* _INFORMATION SHOWN_
###

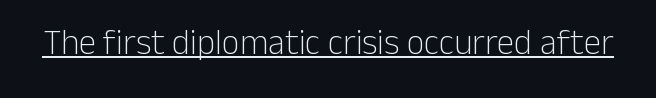
Q: Is the text bold? A: No.
Q: Is the text italic (slanted)? A: No, it is upright.
Q: Is the typeface a serif or a sans-serif typeface? A: Sans-serif.
Q: Is the text underlined? A: Yes.
Q: Is the spacing between letters normal or unusually wide? A: Normal.
Q: Width (condensed, normal, or wide)? A: Normal.
Q: Stroke contrast? A: Low.
Q: x-height? A: Medium.
Q: Monospaced? A: No.

###

* _WHAT IS NEEDED_
Repeat each line of the listing word for word, from the first through the line that contains "Q: Is the spacing". Any picture stays out.

* _REPLY_
Q: Is the text bold? A: No.
Q: Is the text italic (slanted)? A: No, it is upright.
Q: Is the typeface a serif or a sans-serif typeface? A: Sans-serif.
Q: Is the text underlined? A: Yes.
Q: Is the spacing between letters normal or unusually wide? A: Normal.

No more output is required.